#### WHAT YOU SHOULD DO
Restate all the entries exactly as they appear, apart from the pictures.

Dataset entries:

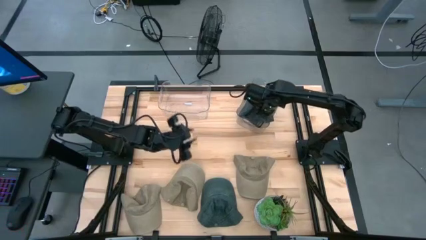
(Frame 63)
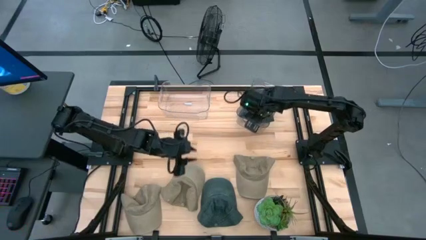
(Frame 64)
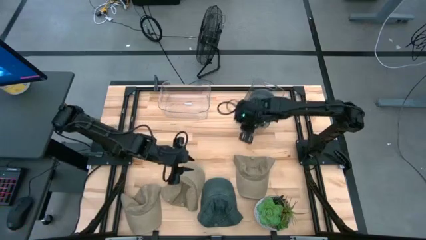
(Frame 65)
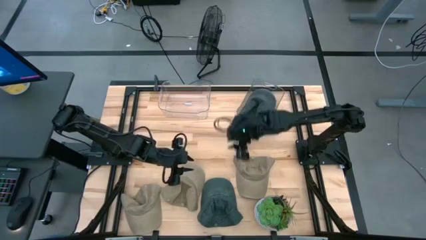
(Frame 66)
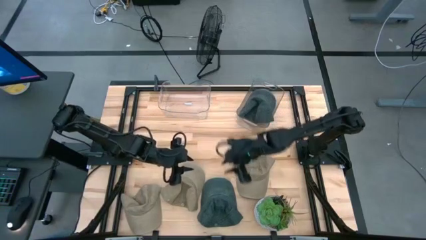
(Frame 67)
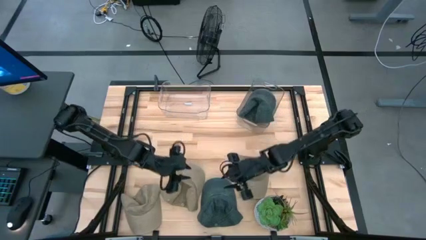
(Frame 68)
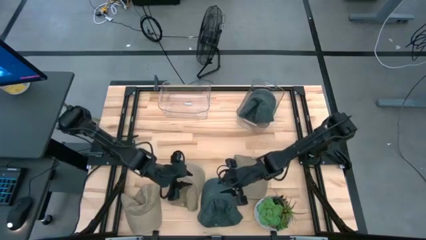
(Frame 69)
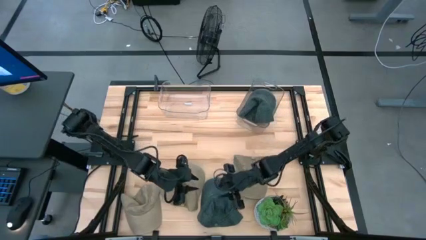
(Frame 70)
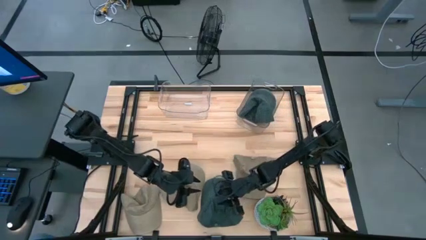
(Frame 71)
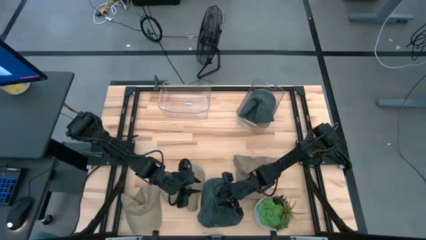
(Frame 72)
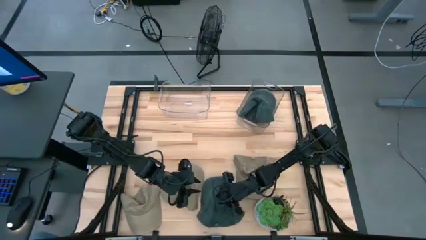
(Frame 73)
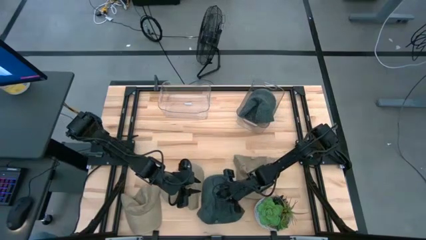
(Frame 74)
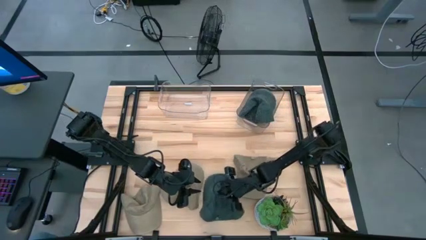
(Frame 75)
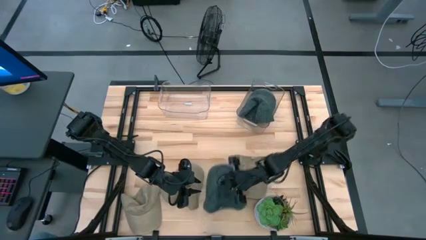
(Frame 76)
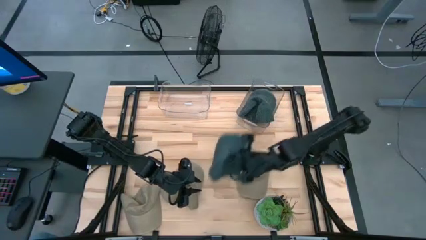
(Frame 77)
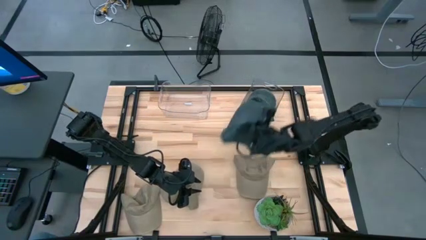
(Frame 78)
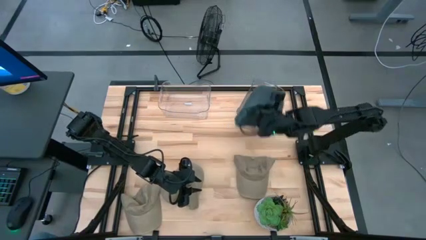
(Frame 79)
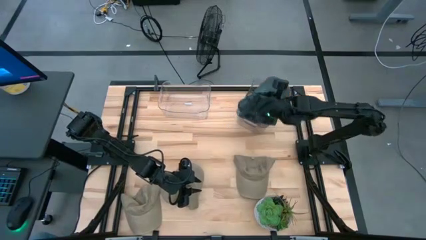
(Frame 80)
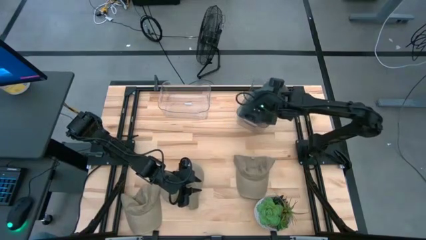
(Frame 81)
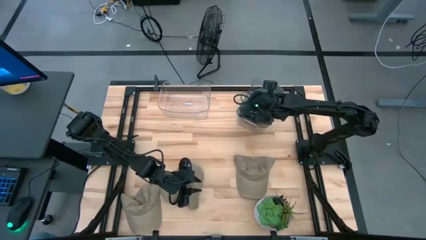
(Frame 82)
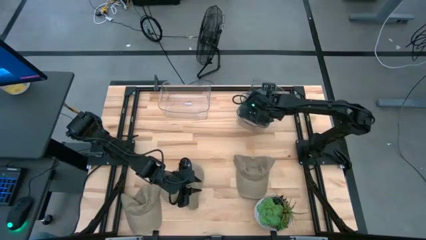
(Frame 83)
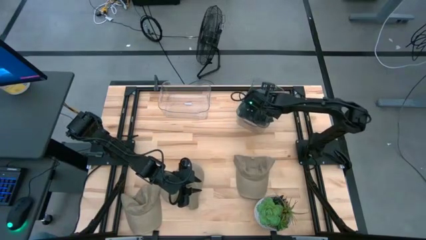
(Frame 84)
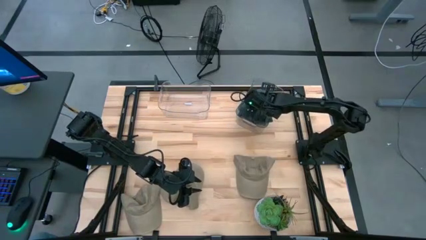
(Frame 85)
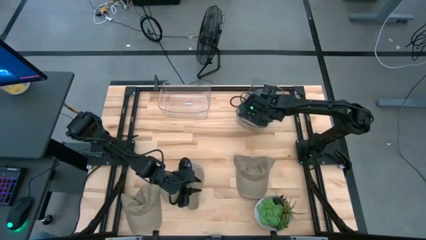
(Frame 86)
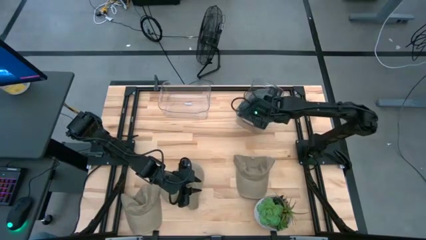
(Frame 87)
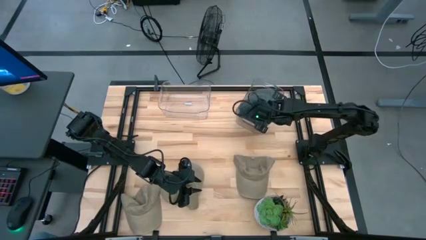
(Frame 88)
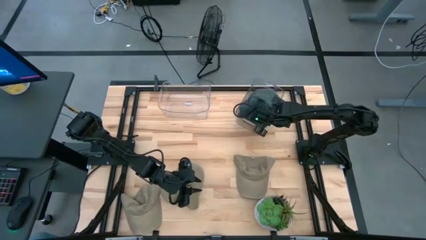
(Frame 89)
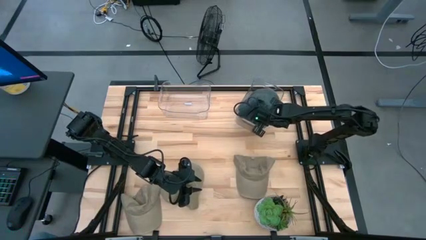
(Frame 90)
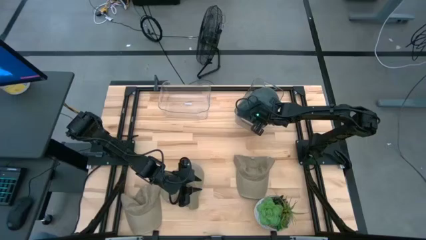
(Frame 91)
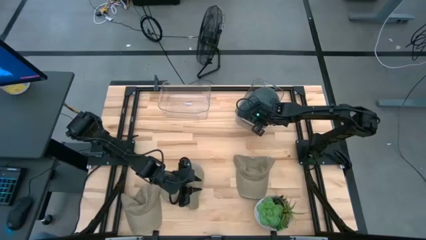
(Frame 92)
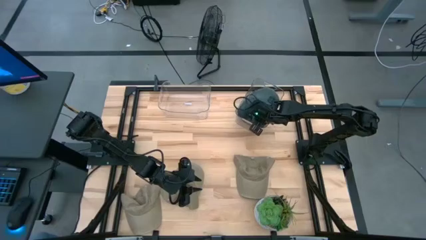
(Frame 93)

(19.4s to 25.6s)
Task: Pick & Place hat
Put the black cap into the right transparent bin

#### ANSWER
(Frame 63)
(Frame 64)
(Frame 65)
(Frame 66)
(Frame 67)
(Frame 68)
(Frame 69)
(Frame 70)
(Frame 71)
(Frame 72)
(Frame 73)
(Frame 74)
(Frame 75)
(Frame 76)
(Frame 77)
(Frame 78)
(Frame 79)
(Frame 80)
(Frame 81)
(Frame 82)
(Frame 83)
(Frame 84)
(Frame 85)
(Frame 86)
(Frame 87)
(Frame 88)
(Frame 89)
(Frame 90)
(Frame 91)
(Frame 92)
(Frame 93)

(19.4s to 25.6s)
Task: Pick & Place hat
Put the black cap into the right transparent bin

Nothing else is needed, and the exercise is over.